Illustration einer Frau mit neuer Lunge und Veränderungen des Alltags

Endlich durchatmen: Das Leben nach der Lungentransplantation (Teil 1/2)

Noch zwei Jahre vor dem Interview konnte CF-Patientin Heidi Heckel keine Stunde pro Tag ohne zusätzlichen Sauerstoff auskommen. Zum Zeitpunkt des Interviews war die damals 34-jährige dank einer Lungentransplantation wieder in der Lage, durchzuatmen und ihren Alltag spontan zu gestalten. Im Interview berichtet sie über ihre Zeit vor der Transplantation, das lange Warten und wie es ihr mit der neuen Lunge geht.                                                                                            Artikel vom 21.10.2021

Eine Lungentransplantation kann für Mukoviszidose-Betroffene etwas sein, mit dem sie sich früher oder später auseinandersetzen müssen. Sobald Betroffene den ersten Schritt, nämlich die Entscheidung für eine Transplantation, gemacht haben und auf der Liste stehen, beginnt eine einschneidende Phase zwischen Bangen, Hoffen und Warten.
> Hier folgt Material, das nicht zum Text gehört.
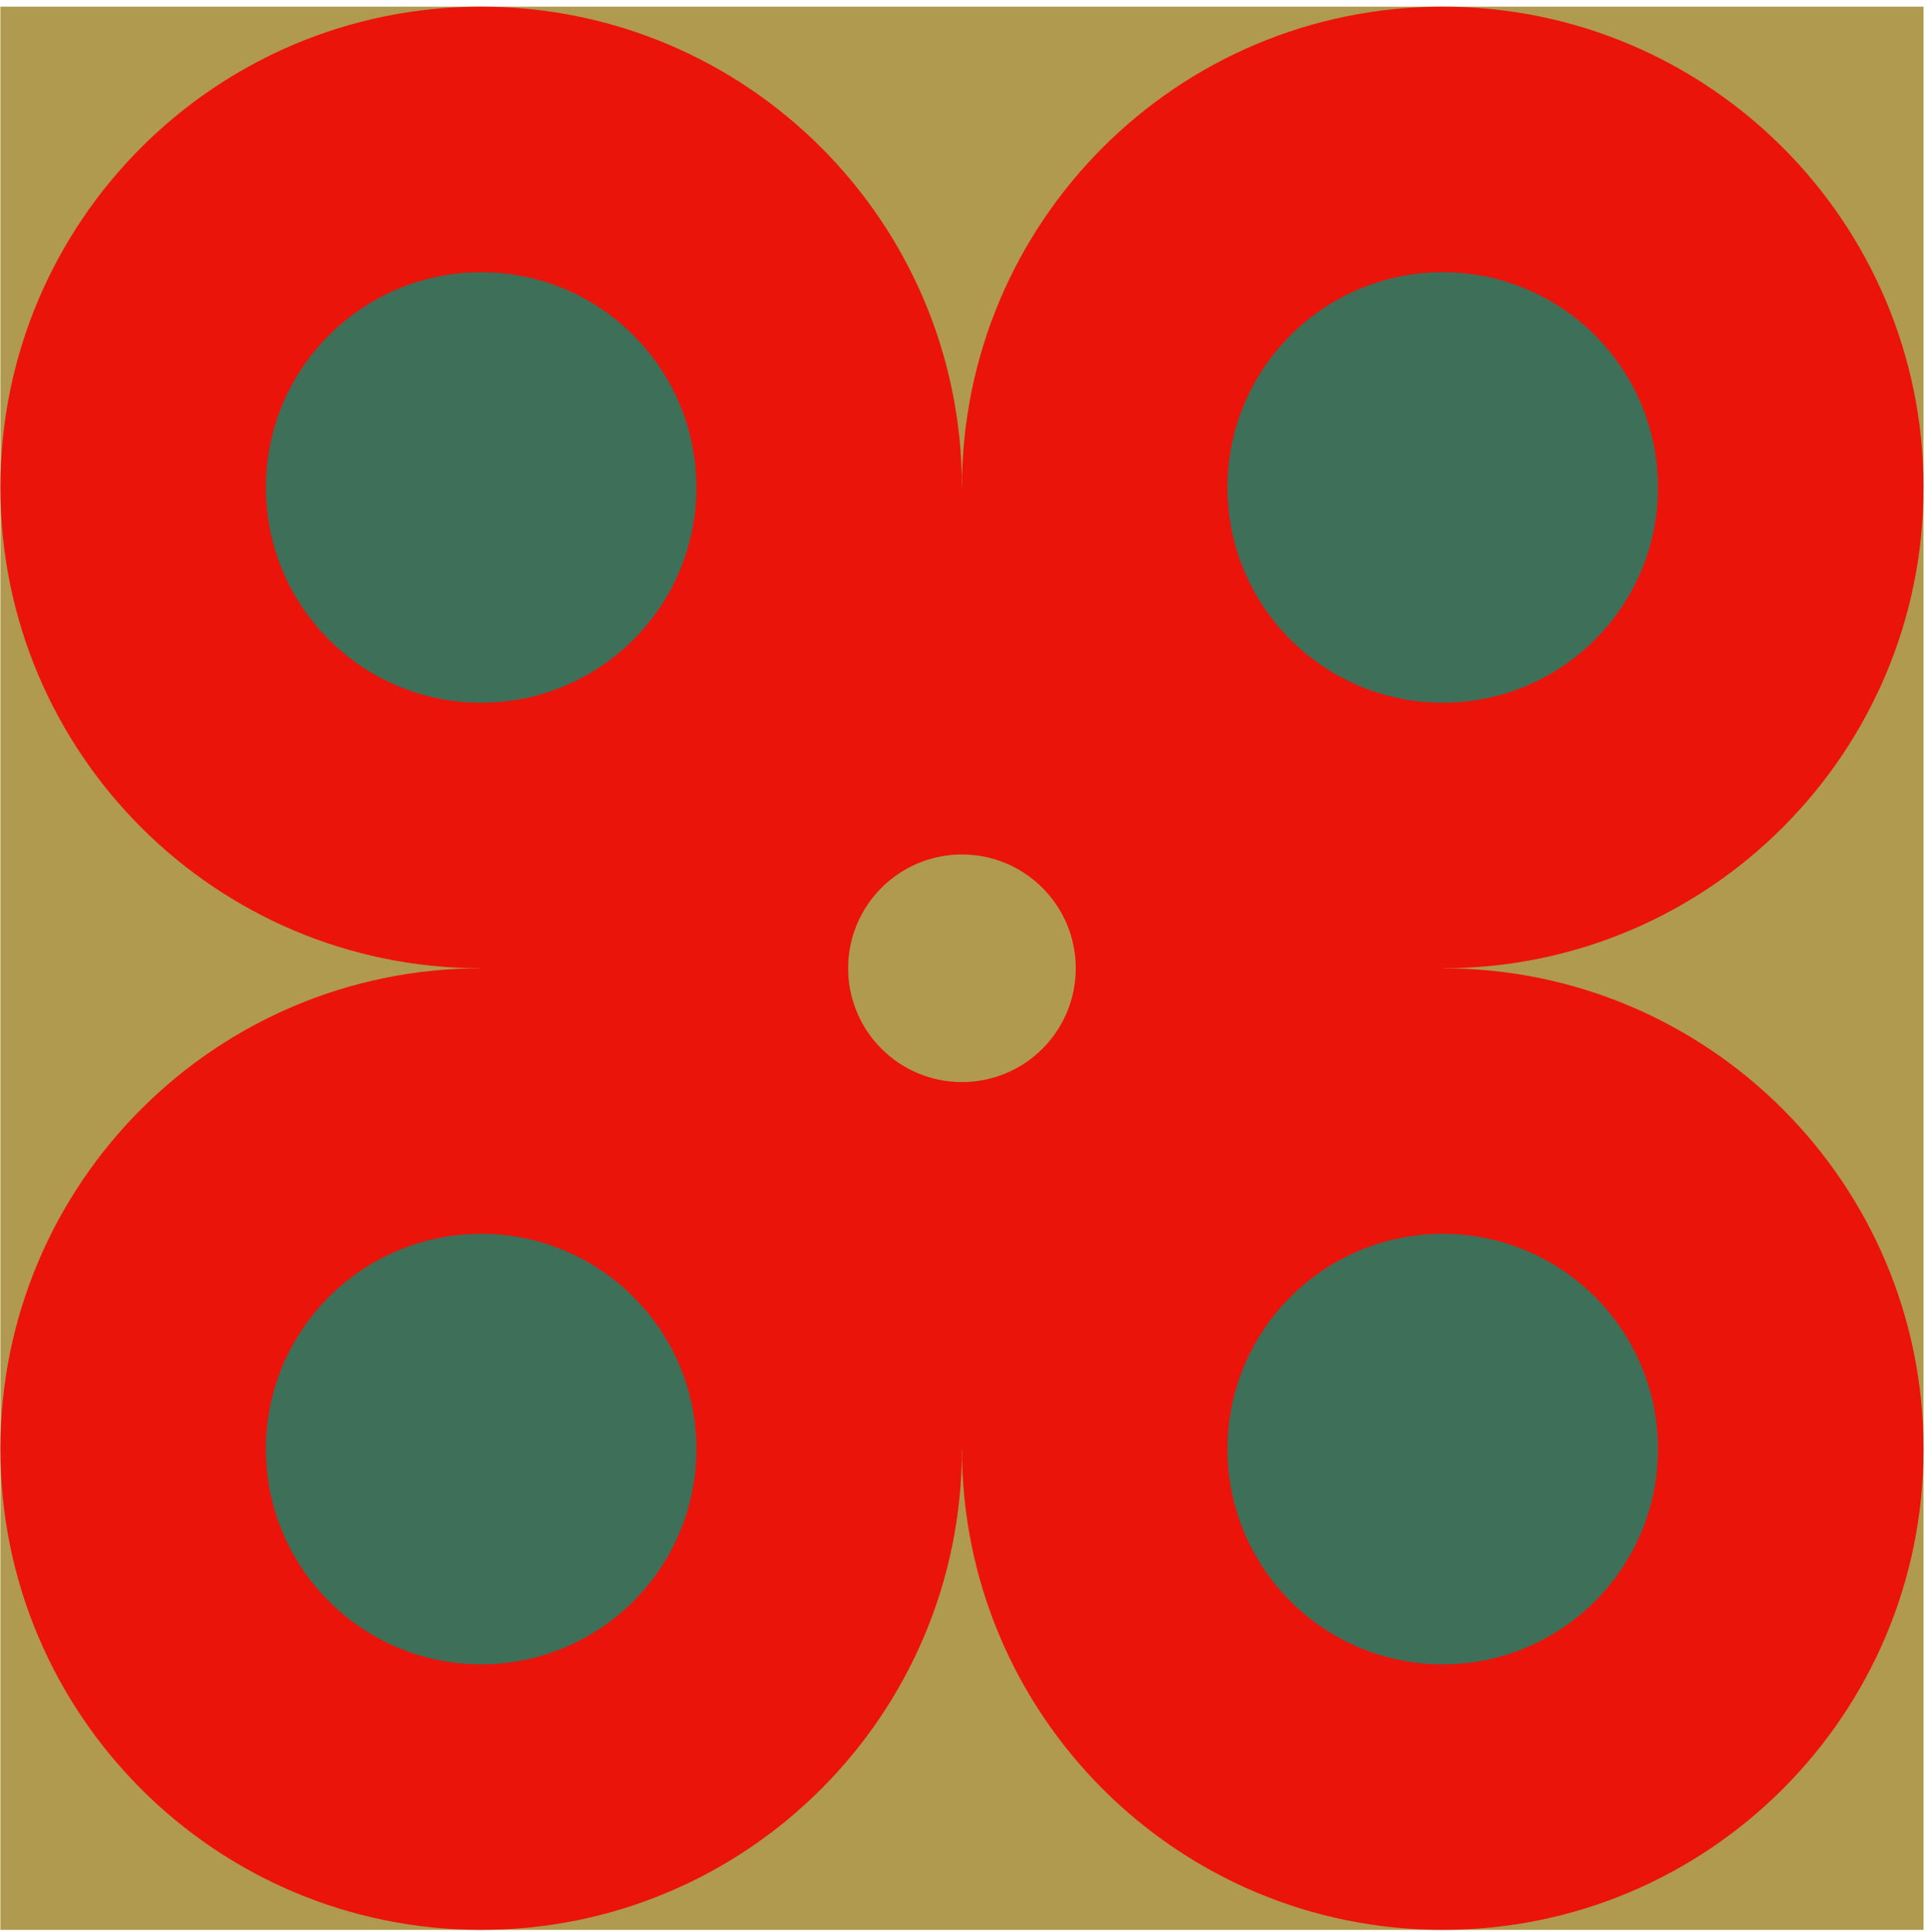 <svg width="280" height="281" viewBox="0 0 280 281" fill="none" xmlns="http://www.w3.org/2000/svg">
<path d="M279.786 0.97H0.054V280.702H279.786V0.97Z" fill="#B09A50"/>
<path d="M139.92 210.769C178.543 210.769 209.853 179.459 209.853 140.836C209.853 102.213 178.543 70.903 139.92 70.903C101.297 70.903 69.987 102.213 69.987 140.836C69.987 179.459 101.297 210.769 139.92 210.769Z" fill="#EB140A"/>
<path d="M69.987 140.836C108.61 140.836 139.92 109.526 139.92 70.903C139.92 32.28 108.61 0.97 69.987 0.97C31.364 0.97 0.054 32.28 0.054 70.903C0.054 109.526 31.364 140.836 69.987 140.836Z" fill="#EB140A"/>
<path d="M209.853 140.836C248.476 140.836 279.786 109.526 279.786 70.903C279.786 32.28 248.476 0.97 209.853 0.97C171.23 0.97 139.92 32.28 139.92 70.903C139.92 109.526 171.23 140.836 209.853 140.836Z" fill="#EB140A"/>
<path d="M69.987 280.702C108.61 280.702 139.92 249.392 139.92 210.769C139.92 172.146 108.61 140.836 69.987 140.836C31.364 140.836 0.054 172.146 0.054 210.769C0.054 249.392 31.364 280.702 69.987 280.702Z" fill="#EB140A"/>
<path d="M209.853 280.702C248.476 280.702 279.786 249.392 279.786 210.769C279.786 172.146 248.476 140.836 209.853 140.836C171.23 140.836 139.92 172.146 139.92 210.769C139.92 249.392 171.23 280.702 209.853 280.702Z" fill="#EB140A"/>
<path d="M69.987 242.08C87.28 242.08 101.298 228.061 101.298 210.769C101.298 193.476 87.28 179.458 69.987 179.458C52.695 179.458 38.676 193.476 38.676 210.769C38.676 228.061 52.695 242.08 69.987 242.08Z" fill="#3E6F59"/>
<path d="M209.853 242.08C227.146 242.08 241.164 228.061 241.164 210.769C241.164 193.476 227.146 179.458 209.853 179.458C192.561 179.458 178.542 193.476 178.542 210.769C178.542 228.061 192.561 242.08 209.853 242.08Z" fill="#3E6F59"/>
<path d="M69.987 102.214C87.279 102.214 101.297 88.196 101.297 70.904C101.297 53.611 87.279 39.593 69.987 39.593C52.694 39.593 38.676 53.611 38.676 70.904C38.676 88.196 52.694 102.214 69.987 102.214Z" fill="#3E6F59"/>
<path d="M209.853 102.214C227.145 102.214 241.164 88.196 241.164 70.904C241.164 53.611 227.145 39.593 209.853 39.593C192.56 39.593 178.542 53.611 178.542 70.904C178.542 88.196 192.56 102.214 209.853 102.214Z" fill="#3E6F59"/>
<path d="M139.92 157.388C149.062 157.388 156.472 149.978 156.472 140.836C156.472 131.695 149.062 124.284 139.92 124.284C130.779 124.284 123.368 131.695 123.368 140.836C123.368 149.978 130.779 157.388 139.92 157.388Z" fill="#B09A50"/>
</svg>

Die Entscheidung ist auch deshalb nicht leicht, weil die Transplantation weitreichende Folgen hat: Die Transplantierten müssen ihr Leben lang Medikamente einnehmen, um so das neue Organ vor einer Abstoßung durch ihr Immunsystem zu schützen, und sich an einen sehr detaillierten Ernährungs- und Hygieneplan halten. Dennoch sind in bestimmten Fällen „die Vorteile überwältigend“, findet Heidi Heckel. Die Geschäftsführerin des Selbsthilfeverbandes Mukoviszidose e.V. Leipzig schildert ihre Erfahrungen und berichtet, wie sich ihr Leben durch die Transplantation zum Positiven verändert hat.

Über Heidi
Bild von Heidi nach der Lungentransplantation

Heidi (nach der Lungentransplantation) 

Zum Zeitpunkt des Interviews war Heidi Heckel 34 Jahre alt, gelernte Einzelhandelskauffrau und lungentransplantierte CF-Patientin. Im Selbsthilfeverein für Mukoviszidose in Leipzig arbeitete sie als Geschäftsführerin. Der Verein ist für Betroffene ein wichtiger Ort, um sich auszutauschen und Informationen zu der Lungenerkrankung Mukoviszidose und einer möglichen Transplantation zu bekommen. Heidi hat es zu ihrer Herzensangelegenheit gemacht, Patientinnen und Patienten aufzuklären und ihre Unterstützung anzubieten.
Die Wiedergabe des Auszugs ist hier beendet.